Stored records:
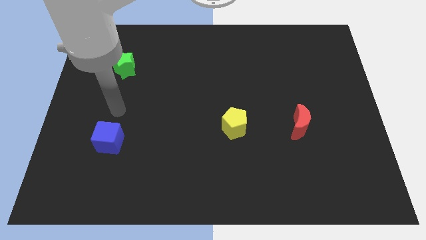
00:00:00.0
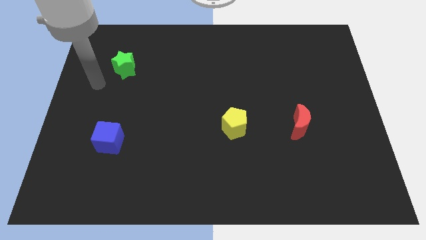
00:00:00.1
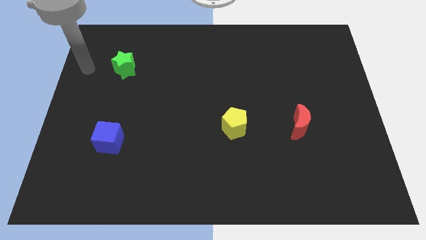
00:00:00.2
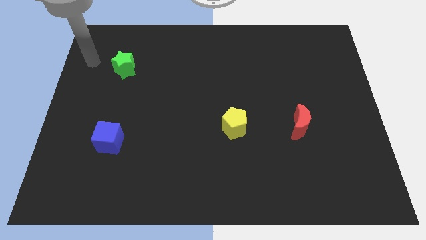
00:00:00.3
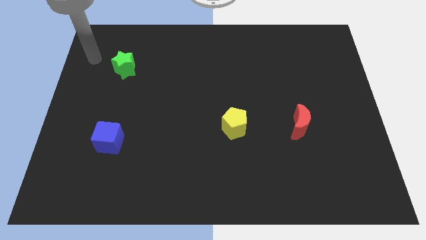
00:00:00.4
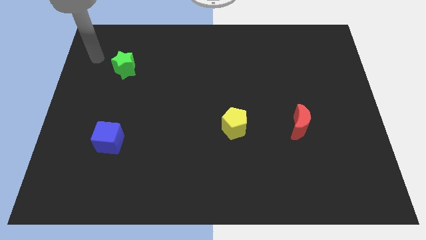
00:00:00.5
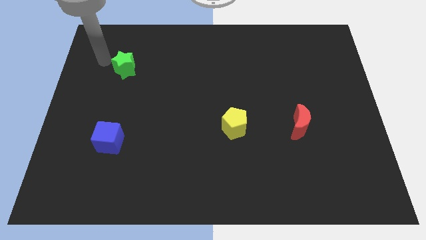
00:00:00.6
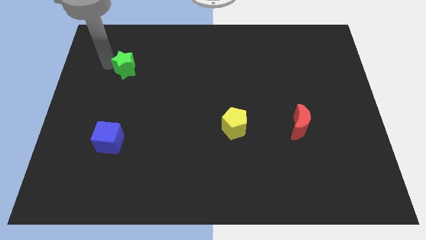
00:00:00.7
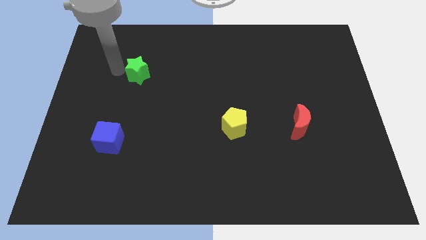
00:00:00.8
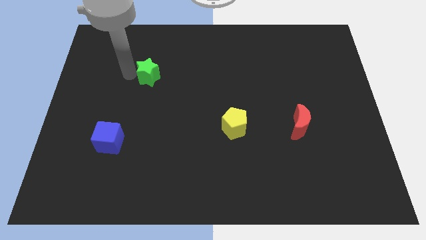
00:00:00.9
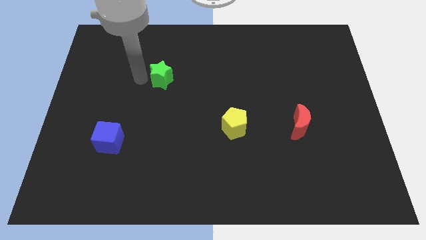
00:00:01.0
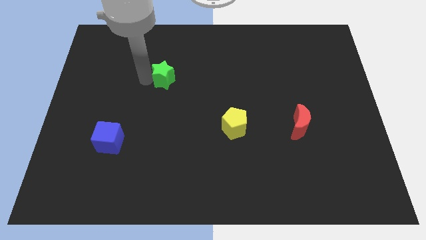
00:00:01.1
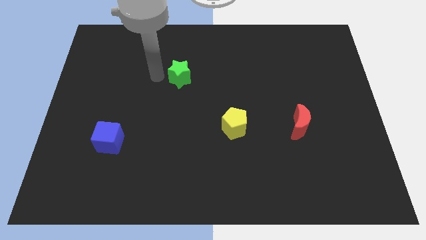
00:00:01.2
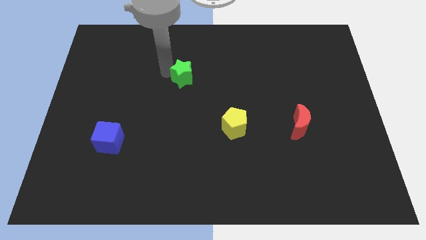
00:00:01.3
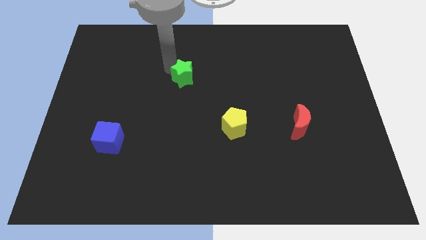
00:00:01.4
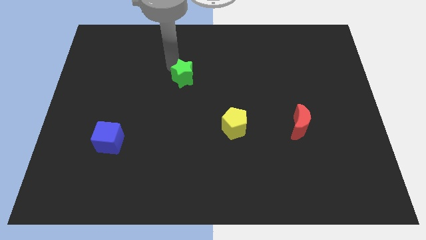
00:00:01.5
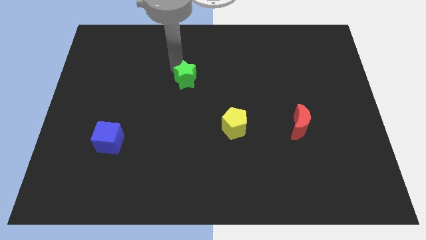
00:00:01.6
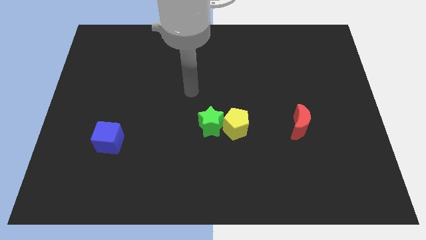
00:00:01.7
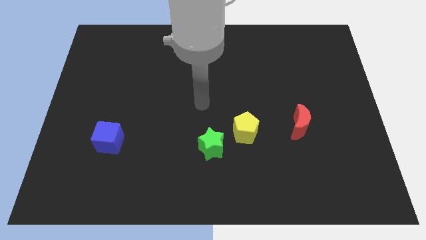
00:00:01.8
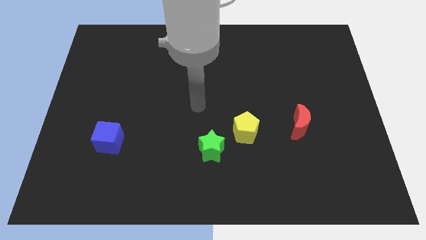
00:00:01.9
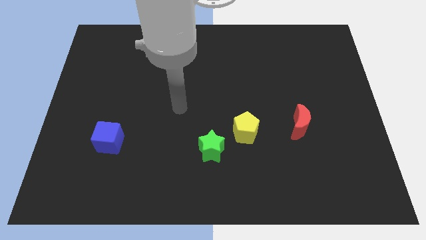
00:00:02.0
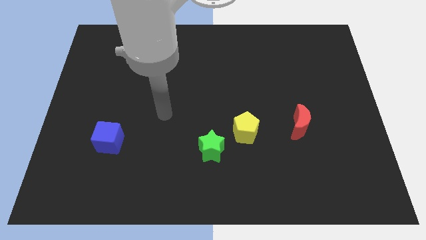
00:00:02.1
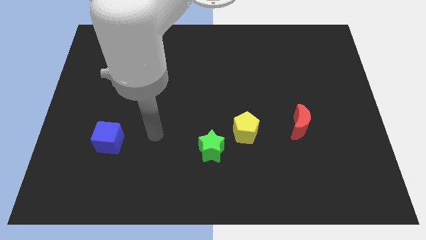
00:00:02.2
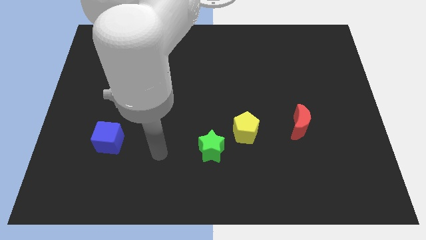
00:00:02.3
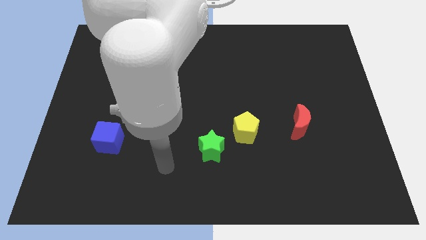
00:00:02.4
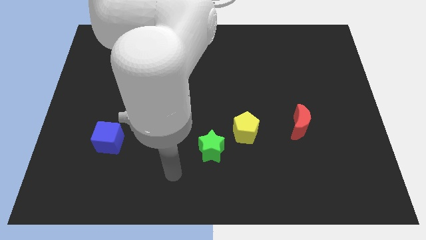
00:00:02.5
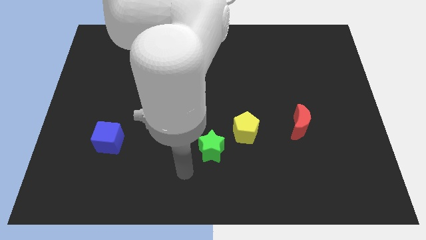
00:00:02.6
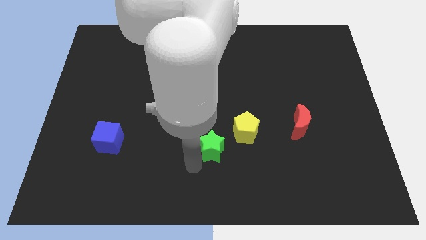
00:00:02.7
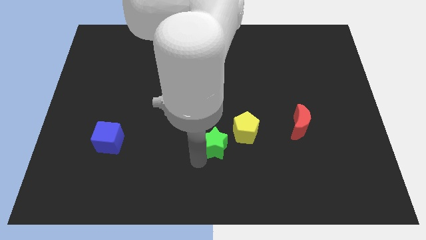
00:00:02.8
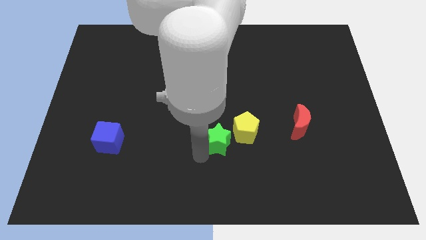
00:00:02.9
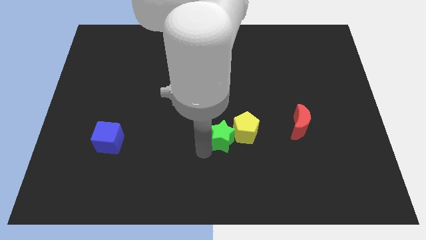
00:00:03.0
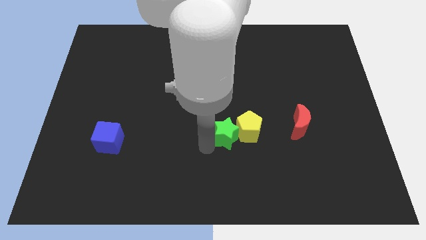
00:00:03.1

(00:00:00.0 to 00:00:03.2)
slide the star close to the yellow pentagon

## Problem statement
Give back an exact reproduction of the entries, with all pictures excluded.

## Task output
00:00:00.0
00:00:00.1
00:00:00.2
00:00:00.3
00:00:00.4
00:00:00.5
00:00:00.6
00:00:00.7
00:00:00.8
00:00:00.9
00:00:01.0
00:00:01.1
00:00:01.2
00:00:01.3
00:00:01.4
00:00:01.5
00:00:01.6
00:00:01.7
00:00:01.8
00:00:01.9
00:00:02.0
00:00:02.1
00:00:02.2
00:00:02.3
00:00:02.4
00:00:02.5
00:00:02.6
00:00:02.7
00:00:02.8
00:00:02.9
00:00:03.0
00:00:03.1

(00:00:00.0 to 00:00:03.2)
slide the star close to the yellow pentagon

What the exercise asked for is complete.